= Beginning of Section =

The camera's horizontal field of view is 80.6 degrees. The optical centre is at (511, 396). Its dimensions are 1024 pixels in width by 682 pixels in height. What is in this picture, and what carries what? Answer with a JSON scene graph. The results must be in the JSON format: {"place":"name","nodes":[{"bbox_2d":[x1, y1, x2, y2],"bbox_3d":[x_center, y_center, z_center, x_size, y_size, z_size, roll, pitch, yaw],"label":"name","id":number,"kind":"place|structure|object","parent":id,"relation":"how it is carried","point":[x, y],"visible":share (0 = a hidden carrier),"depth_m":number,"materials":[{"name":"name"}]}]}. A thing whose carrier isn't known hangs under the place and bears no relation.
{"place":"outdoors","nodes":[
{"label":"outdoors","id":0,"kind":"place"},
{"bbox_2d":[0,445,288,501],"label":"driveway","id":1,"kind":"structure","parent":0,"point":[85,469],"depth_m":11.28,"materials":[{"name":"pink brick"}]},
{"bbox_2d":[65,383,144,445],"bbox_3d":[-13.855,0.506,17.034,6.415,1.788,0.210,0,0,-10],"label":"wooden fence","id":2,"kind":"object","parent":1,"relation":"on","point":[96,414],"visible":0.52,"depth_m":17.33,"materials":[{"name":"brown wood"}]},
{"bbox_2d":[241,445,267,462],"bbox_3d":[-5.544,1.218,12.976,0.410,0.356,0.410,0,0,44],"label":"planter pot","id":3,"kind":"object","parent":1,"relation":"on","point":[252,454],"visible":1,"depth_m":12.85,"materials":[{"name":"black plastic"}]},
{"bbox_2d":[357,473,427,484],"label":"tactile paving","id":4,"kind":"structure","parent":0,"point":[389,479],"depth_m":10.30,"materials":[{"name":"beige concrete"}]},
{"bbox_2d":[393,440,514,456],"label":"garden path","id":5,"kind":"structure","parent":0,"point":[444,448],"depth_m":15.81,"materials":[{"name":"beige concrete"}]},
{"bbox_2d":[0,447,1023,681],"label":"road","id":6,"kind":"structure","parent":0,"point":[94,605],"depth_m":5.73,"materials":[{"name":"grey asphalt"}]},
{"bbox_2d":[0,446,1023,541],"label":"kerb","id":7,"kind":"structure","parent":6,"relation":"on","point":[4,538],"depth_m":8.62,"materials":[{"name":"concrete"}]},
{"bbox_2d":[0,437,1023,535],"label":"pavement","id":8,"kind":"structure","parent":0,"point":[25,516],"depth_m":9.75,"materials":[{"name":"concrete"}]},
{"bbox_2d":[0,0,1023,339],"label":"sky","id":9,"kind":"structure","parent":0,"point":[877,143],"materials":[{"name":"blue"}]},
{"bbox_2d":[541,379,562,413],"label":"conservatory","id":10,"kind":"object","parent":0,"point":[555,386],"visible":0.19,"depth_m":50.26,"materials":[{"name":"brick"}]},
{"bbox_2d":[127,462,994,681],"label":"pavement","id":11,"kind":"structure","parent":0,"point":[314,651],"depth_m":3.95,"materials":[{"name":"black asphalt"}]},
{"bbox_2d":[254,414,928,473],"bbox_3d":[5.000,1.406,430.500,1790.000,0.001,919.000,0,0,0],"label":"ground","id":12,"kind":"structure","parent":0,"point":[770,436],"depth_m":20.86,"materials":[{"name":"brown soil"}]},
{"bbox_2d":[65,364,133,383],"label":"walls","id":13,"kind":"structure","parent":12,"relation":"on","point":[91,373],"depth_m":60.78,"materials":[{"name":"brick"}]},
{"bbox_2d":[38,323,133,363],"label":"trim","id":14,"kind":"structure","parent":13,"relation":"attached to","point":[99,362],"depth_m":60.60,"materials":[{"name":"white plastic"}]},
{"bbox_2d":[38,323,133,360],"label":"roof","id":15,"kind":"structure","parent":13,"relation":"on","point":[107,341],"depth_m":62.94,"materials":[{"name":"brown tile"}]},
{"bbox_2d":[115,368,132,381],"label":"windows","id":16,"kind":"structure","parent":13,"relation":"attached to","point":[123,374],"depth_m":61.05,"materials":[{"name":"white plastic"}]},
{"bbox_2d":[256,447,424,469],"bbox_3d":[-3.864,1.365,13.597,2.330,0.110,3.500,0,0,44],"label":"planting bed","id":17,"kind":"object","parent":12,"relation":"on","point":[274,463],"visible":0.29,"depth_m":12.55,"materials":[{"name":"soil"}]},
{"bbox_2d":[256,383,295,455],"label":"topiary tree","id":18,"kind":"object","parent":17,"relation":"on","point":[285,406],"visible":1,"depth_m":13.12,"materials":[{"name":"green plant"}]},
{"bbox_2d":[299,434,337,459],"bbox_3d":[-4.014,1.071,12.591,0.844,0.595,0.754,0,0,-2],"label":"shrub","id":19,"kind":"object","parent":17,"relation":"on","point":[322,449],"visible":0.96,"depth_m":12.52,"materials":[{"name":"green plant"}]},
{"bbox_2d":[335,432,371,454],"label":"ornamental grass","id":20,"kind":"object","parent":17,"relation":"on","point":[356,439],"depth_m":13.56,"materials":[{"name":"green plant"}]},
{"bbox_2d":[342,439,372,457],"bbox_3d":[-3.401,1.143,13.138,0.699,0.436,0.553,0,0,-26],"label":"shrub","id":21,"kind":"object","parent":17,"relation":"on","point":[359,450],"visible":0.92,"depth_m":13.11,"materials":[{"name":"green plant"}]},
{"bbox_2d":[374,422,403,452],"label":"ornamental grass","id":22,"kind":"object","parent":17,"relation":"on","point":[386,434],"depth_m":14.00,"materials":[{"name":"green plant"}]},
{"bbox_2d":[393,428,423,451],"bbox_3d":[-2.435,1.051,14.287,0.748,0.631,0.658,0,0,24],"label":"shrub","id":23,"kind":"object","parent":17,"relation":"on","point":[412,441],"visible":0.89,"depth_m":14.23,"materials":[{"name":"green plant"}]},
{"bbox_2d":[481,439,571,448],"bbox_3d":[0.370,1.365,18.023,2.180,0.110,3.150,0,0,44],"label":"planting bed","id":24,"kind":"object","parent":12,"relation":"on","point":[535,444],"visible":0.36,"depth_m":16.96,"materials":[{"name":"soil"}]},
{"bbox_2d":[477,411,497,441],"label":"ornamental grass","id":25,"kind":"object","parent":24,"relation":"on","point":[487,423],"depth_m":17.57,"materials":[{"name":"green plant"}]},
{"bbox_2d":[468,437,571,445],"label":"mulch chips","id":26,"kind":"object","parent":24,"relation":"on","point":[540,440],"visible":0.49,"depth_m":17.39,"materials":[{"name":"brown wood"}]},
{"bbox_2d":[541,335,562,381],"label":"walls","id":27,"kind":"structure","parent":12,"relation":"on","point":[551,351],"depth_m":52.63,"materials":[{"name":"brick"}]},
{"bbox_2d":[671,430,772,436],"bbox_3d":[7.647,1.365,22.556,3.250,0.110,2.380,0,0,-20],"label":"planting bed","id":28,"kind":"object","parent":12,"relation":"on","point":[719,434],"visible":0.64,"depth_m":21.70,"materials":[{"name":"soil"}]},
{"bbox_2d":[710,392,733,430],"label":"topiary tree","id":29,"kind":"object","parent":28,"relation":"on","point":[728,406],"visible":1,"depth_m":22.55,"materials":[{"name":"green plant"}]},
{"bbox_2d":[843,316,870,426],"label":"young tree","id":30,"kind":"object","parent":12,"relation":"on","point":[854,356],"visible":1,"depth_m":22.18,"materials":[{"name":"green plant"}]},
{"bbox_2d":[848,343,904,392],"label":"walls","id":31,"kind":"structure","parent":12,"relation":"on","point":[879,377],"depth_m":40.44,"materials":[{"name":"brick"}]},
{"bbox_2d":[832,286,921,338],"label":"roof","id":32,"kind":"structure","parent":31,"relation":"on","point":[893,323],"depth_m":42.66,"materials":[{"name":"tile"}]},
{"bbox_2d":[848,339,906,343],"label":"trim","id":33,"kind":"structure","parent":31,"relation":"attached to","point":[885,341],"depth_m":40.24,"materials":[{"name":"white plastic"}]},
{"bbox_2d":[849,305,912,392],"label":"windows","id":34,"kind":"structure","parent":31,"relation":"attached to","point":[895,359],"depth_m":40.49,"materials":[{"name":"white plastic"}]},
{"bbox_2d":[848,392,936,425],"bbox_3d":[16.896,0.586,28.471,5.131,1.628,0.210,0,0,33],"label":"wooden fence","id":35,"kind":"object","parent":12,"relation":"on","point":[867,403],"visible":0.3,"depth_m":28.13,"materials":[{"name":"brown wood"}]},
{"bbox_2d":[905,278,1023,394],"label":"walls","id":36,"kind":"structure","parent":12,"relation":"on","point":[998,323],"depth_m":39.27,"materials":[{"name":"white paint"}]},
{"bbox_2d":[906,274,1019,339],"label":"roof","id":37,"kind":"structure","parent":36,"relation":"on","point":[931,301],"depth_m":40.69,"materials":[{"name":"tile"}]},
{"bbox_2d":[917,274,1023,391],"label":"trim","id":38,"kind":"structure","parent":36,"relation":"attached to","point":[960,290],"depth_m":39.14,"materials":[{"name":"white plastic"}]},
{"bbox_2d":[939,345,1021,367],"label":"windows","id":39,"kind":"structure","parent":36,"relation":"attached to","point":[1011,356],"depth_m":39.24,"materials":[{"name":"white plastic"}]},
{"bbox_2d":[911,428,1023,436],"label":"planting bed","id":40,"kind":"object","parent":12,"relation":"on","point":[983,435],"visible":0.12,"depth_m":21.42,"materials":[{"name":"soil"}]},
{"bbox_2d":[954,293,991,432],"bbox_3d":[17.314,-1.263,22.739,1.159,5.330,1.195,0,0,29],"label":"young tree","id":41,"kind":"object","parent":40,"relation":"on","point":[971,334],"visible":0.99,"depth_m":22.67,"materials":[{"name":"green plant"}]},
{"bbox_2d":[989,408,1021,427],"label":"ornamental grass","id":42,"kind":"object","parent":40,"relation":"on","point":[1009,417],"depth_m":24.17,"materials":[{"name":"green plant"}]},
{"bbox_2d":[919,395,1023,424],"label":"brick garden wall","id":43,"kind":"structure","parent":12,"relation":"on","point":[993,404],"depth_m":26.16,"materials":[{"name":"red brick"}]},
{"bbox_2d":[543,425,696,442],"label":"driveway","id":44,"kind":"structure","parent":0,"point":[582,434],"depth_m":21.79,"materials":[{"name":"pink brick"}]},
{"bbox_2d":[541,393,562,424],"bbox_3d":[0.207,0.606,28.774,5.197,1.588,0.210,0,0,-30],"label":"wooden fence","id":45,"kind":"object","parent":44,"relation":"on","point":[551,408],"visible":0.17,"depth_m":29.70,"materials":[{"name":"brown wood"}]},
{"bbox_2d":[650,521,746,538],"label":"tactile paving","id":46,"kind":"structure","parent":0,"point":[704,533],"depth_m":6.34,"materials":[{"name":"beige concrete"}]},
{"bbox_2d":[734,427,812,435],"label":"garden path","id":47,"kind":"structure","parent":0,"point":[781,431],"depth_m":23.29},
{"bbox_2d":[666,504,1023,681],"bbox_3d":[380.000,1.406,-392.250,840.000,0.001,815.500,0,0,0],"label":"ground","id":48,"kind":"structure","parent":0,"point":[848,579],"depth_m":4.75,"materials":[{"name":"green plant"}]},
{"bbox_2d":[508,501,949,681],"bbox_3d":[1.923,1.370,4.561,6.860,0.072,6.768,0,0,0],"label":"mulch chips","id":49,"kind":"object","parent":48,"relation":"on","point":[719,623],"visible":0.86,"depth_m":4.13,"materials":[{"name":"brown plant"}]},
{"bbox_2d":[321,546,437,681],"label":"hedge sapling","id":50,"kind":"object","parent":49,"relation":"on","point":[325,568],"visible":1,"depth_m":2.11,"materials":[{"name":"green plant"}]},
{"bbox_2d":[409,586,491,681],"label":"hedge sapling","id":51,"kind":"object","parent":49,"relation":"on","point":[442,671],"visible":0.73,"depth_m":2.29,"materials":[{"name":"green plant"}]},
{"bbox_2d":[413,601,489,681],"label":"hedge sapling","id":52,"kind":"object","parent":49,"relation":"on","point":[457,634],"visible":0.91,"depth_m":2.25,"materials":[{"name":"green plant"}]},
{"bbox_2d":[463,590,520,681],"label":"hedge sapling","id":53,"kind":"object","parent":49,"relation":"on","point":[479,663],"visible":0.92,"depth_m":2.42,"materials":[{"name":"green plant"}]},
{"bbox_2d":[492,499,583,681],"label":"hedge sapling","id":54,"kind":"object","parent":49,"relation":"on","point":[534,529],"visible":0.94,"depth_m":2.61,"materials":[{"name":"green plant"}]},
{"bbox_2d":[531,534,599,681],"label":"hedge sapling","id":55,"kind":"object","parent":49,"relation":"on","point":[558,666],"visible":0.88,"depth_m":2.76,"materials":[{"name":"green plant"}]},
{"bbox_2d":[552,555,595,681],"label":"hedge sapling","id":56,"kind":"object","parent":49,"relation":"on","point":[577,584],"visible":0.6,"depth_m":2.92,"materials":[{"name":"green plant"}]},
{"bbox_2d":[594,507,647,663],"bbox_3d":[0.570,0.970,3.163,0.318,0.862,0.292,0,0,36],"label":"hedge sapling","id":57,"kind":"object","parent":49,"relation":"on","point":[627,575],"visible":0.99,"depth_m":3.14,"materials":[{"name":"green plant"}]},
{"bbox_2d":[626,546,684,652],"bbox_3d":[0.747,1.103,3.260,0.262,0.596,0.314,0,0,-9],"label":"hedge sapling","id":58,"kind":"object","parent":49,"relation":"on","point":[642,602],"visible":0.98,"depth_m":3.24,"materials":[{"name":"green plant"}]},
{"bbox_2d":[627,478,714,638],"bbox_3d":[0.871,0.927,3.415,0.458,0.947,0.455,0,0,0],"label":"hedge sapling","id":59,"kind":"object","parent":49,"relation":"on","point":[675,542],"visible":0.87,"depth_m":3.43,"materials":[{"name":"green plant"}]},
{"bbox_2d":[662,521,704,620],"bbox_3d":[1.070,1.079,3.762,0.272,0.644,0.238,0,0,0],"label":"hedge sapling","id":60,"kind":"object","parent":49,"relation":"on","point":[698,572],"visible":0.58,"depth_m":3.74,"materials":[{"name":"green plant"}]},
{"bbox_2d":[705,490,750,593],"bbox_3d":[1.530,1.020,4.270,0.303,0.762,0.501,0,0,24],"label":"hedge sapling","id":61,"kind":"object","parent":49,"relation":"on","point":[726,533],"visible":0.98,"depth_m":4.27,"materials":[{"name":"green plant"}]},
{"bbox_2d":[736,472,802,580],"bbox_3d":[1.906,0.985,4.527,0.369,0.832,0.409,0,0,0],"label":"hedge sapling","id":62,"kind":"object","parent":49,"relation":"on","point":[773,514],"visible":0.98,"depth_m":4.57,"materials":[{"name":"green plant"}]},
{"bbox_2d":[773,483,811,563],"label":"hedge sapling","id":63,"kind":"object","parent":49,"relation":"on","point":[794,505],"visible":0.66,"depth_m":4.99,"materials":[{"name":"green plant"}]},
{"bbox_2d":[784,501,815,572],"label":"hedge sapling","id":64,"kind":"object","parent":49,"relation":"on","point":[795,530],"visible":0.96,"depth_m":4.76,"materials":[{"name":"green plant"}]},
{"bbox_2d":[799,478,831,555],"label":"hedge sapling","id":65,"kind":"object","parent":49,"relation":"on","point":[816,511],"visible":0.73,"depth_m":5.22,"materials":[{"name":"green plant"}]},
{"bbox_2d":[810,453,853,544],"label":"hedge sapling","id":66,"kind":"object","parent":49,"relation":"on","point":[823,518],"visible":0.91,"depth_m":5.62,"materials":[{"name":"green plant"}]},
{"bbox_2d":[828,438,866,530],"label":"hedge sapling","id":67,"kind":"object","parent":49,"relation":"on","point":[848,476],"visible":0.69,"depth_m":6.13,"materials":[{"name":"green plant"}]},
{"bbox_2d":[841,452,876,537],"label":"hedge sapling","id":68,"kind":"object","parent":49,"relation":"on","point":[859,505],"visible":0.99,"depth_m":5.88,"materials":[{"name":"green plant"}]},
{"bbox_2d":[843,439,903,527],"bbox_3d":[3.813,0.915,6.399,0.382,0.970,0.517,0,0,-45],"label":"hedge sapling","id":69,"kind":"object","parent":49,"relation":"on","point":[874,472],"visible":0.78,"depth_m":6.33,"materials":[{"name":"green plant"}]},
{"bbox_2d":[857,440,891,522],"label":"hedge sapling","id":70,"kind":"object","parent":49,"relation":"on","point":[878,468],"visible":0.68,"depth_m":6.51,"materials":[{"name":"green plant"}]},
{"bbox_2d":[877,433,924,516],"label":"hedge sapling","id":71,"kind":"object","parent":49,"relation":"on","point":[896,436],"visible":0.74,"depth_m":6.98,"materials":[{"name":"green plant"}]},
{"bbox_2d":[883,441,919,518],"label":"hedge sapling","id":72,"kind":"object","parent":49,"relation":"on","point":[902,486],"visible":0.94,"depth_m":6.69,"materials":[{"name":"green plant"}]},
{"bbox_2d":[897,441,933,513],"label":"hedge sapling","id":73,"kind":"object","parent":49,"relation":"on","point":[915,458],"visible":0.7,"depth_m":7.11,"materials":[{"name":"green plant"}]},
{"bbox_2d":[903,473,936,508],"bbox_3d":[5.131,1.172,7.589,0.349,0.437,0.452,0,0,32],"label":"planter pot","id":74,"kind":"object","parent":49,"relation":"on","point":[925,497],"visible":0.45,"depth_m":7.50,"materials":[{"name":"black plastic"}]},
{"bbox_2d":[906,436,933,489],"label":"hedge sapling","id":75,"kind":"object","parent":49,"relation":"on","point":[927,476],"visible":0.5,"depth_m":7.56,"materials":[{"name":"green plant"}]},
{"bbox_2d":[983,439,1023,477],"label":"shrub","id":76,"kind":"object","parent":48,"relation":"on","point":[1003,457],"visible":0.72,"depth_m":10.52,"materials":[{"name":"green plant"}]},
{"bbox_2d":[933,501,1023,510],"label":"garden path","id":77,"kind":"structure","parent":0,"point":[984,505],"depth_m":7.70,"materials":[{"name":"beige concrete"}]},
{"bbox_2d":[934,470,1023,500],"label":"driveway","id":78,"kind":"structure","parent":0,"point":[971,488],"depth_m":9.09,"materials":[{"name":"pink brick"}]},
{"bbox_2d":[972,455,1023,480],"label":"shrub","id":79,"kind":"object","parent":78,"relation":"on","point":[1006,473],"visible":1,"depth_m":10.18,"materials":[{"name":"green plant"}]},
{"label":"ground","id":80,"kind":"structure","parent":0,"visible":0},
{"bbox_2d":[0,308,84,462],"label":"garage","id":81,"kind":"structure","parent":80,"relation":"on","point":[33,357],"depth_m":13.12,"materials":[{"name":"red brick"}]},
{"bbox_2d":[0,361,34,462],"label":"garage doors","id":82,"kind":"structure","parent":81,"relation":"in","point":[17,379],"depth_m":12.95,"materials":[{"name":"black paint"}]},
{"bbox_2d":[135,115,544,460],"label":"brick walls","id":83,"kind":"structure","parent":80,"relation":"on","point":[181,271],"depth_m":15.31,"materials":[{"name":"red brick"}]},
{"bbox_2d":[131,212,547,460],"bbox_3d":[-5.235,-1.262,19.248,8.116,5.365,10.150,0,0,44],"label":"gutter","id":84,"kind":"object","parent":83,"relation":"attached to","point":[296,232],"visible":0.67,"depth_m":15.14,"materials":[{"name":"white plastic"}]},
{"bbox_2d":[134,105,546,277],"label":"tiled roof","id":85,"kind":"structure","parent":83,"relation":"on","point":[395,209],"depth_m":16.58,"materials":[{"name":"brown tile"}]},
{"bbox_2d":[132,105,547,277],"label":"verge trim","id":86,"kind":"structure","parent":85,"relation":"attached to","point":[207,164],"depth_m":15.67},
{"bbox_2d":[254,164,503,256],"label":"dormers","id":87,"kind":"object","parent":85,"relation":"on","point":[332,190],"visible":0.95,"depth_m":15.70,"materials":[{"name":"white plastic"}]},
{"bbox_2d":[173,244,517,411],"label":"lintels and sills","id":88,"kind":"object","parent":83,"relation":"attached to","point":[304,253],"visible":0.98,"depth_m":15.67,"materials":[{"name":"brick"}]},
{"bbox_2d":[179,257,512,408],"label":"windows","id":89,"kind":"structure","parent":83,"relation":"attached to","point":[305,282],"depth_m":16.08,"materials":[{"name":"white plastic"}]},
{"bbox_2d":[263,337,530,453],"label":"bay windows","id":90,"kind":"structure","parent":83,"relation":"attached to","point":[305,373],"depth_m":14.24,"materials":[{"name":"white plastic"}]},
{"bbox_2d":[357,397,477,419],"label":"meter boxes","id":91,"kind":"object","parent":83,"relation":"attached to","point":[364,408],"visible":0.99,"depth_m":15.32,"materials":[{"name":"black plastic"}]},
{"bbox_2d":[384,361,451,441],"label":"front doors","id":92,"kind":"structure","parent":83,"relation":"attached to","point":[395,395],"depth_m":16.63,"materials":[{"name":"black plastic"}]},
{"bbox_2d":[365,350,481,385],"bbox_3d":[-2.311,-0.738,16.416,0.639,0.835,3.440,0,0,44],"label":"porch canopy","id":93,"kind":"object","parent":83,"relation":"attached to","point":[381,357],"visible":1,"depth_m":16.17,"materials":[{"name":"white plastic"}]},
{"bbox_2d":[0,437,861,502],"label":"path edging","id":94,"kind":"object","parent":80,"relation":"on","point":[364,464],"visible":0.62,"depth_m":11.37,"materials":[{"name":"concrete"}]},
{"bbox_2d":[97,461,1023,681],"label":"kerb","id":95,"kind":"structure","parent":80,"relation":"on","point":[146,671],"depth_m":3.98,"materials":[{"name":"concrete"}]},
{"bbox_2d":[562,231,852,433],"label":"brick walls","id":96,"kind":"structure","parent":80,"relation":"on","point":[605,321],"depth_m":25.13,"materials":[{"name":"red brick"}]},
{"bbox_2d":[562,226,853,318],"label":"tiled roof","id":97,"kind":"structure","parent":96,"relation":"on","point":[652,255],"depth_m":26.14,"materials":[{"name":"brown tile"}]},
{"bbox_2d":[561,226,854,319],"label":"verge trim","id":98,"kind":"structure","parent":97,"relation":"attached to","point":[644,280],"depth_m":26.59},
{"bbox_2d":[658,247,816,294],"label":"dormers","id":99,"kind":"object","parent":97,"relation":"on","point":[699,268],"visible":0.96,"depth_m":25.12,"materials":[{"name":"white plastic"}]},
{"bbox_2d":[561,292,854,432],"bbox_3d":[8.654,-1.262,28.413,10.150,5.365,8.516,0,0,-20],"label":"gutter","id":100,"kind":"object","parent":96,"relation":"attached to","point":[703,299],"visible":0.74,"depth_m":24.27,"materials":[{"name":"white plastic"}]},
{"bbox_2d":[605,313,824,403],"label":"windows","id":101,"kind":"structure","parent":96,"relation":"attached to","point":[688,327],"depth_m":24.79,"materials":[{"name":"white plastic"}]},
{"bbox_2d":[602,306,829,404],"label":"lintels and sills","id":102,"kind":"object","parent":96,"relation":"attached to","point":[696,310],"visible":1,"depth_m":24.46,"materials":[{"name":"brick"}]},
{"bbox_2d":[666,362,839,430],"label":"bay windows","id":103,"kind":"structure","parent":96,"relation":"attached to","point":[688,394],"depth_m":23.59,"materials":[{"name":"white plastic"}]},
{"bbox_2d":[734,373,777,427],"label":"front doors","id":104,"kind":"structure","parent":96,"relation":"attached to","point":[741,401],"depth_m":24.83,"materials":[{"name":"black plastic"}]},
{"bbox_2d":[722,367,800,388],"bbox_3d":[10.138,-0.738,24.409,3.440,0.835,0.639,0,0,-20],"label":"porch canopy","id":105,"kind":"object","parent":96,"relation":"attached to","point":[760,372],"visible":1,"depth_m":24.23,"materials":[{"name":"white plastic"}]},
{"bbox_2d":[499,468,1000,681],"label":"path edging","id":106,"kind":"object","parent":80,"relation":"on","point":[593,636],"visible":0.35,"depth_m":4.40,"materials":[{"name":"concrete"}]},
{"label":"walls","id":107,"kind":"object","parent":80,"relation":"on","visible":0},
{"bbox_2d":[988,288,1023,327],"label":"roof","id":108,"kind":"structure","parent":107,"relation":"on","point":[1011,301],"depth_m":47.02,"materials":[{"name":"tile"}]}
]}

= End of Section =

◆ **Assigned task**
Using the listing above, work out the number of lines that include "beige". The reply is that number alone.

◆ **Response box**
4